= Work instruction =
Every record below, from the first line to the last, is to be set down again exactly.

::::

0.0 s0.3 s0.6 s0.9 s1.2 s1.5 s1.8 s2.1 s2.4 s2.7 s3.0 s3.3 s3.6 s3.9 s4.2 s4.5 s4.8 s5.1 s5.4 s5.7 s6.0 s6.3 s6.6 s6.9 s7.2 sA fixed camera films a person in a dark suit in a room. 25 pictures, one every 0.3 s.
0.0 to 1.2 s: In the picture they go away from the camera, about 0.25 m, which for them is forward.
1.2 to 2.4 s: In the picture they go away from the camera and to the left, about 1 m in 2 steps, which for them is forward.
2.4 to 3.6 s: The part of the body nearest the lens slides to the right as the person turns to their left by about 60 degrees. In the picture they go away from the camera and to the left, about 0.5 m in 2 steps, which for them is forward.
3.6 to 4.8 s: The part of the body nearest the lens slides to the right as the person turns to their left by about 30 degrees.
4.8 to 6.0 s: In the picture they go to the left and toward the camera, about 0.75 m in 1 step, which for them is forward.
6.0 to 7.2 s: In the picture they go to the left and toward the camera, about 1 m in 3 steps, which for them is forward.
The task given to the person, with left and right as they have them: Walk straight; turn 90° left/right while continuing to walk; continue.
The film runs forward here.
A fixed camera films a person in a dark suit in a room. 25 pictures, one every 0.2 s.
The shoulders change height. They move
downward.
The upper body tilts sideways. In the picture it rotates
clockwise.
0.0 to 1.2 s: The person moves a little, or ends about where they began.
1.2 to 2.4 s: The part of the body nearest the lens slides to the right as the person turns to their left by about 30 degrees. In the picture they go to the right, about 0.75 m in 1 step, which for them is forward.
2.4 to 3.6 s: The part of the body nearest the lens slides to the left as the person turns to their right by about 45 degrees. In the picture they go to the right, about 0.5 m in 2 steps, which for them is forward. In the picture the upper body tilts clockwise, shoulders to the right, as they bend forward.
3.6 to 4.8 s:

::::

= Response below =
0.0 s0.3 s0.6 s0.9 s1.2 s1.5 s1.8 s2.1 s2.4 s2.7 s3.0 s3.3 s3.6 s3.9 s4.2 s4.5 s4.8 s5.1 s5.4 s5.7 s6.0 s6.3 s6.6 s6.9 s7.2 sA fixed camera films a person in a dark suit in a room. 25 pictures, one every 0.3 s.
0.0 to 1.2 s: In the picture they go away from the camera, about 0.25 m, which for them is forward.
1.2 to 2.4 s: In the picture they go away from the camera and to the left, about 1 m in 2 steps, which for them is forward.
2.4 to 3.6 s: The part of the body nearest the lens slides to the right as the person turns to their left by about 60 degrees. In the picture they go away from the camera and to the left, about 0.5 m in 2 steps, which for them is forward.
3.6 to 4.8 s: The part of the body nearest the lens slides to the right as the person turns to their left by about 30 degrees.
4.8 to 6.0 s: In the picture they go to the left and toward the camera, about 0.75 m in 1 step, which for them is forward.
6.0 to 7.2 s: In the picture they go to the left and toward the camera, about 1 m in 3 steps, which for them is forward.
The task given to the person, with left and right as they have them: Walk straight; turn 90° left/right while continuing to walk; continue.
The film runs forward here.
A fixed camera films a person in a dark suit in a room. 25 pictures, one every 0.2 s.
The shoulders change height. They move
downward.
The upper body tilts sideways. In the picture it rotates
clockwise.
0.0 to 1.2 s: The person moves a little, or ends about where they began.
1.2 to 2.4 s: The part of the body nearest the lens slides to the right as the person turns to their left by about 30 degrees. In the picture they go to the right, about 0.75 m in 1 step, which for them is forward.
2.4 to 3.6 s: The part of the body nearest the lens slides to the left as the person turns to their right by about 45 degrees. In the picture they go to the right, about 0.5 m in 2 steps, which for them is forward. In the picture the upper body tilts clockwise, shoulders to the right, as they bend forward.
3.6 to 4.8 s:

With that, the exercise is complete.